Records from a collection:
********

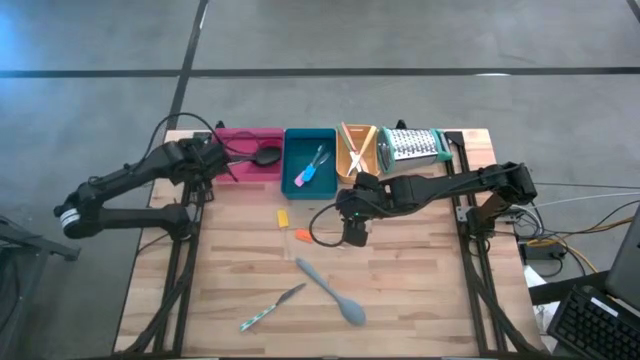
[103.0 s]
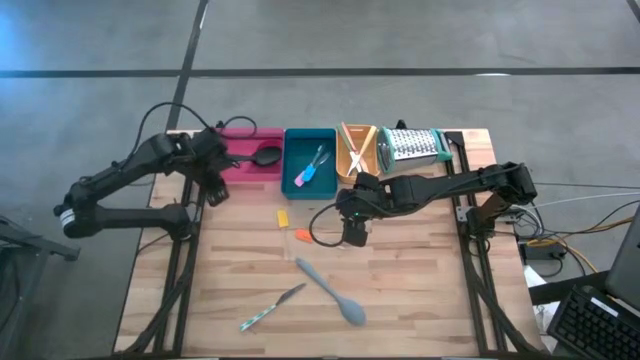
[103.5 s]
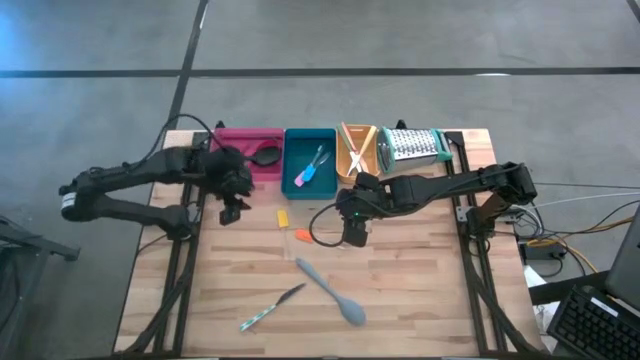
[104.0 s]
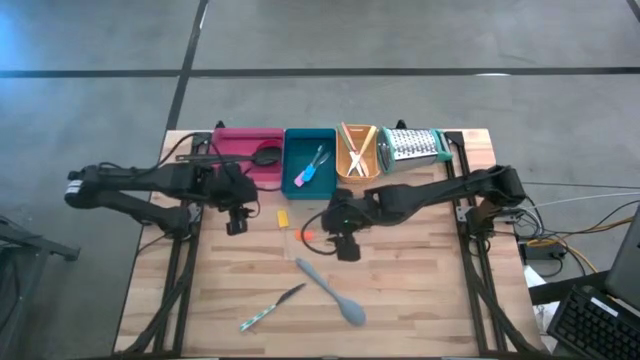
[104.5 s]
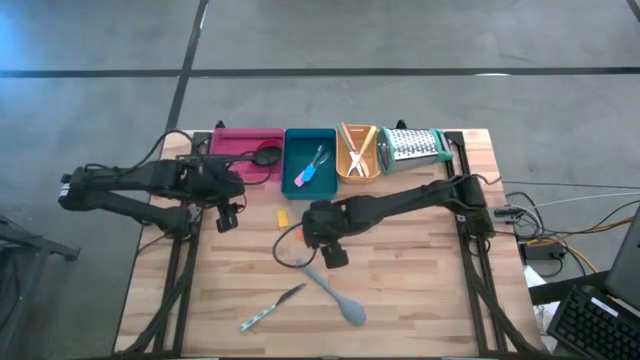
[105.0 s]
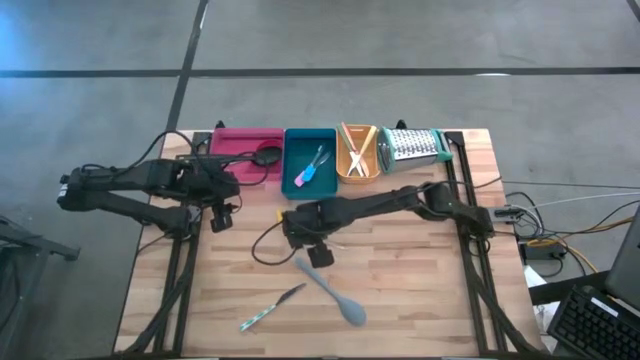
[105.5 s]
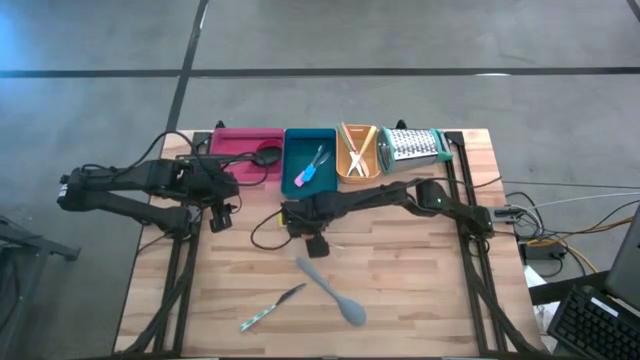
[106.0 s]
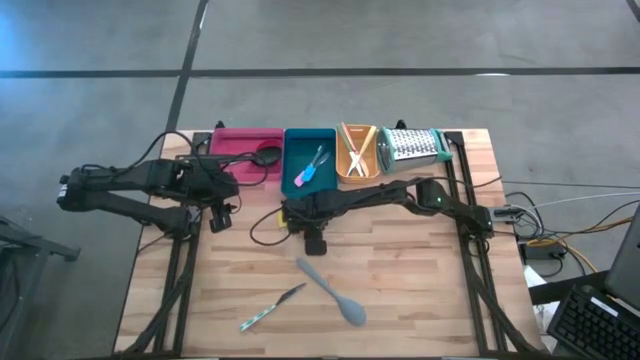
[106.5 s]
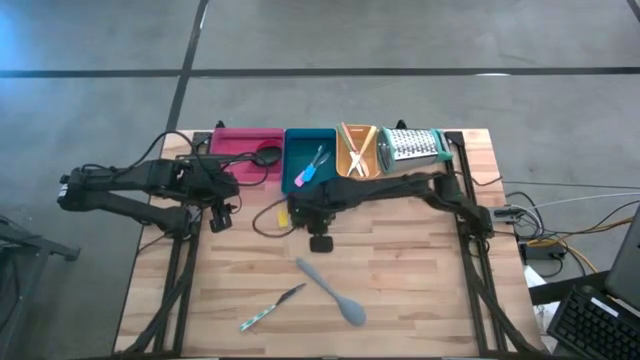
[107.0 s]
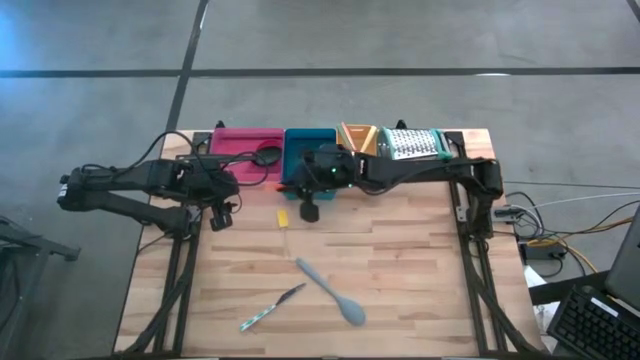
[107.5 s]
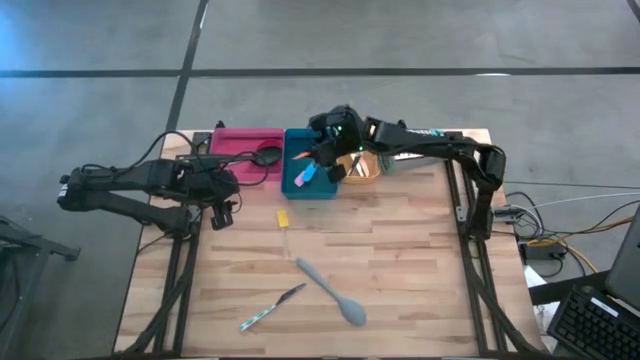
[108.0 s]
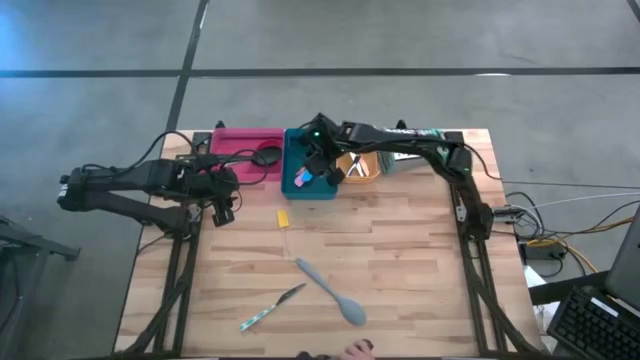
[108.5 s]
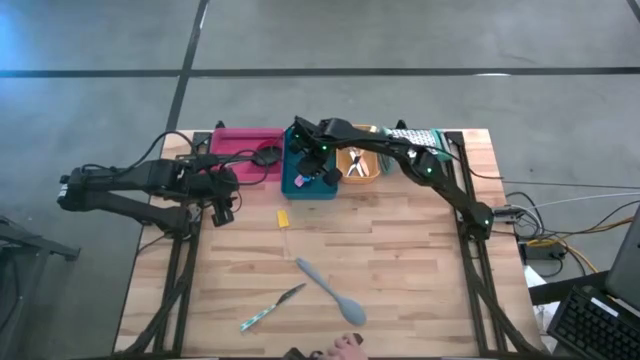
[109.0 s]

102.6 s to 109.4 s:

********

Problem to solve:
Your reply should repeat the entries above exactly, leaving the pictures out.

Answer for the task:
[103.0 s]
[103.5 s]
[104.0 s]
[104.5 s]
[105.0 s]
[105.5 s]
[106.0 s]
[106.5 s]
[107.0 s]
[107.5 s]
[108.0 s]
[108.5 s]
[109.0 s]

102.6 s to 109.4 s:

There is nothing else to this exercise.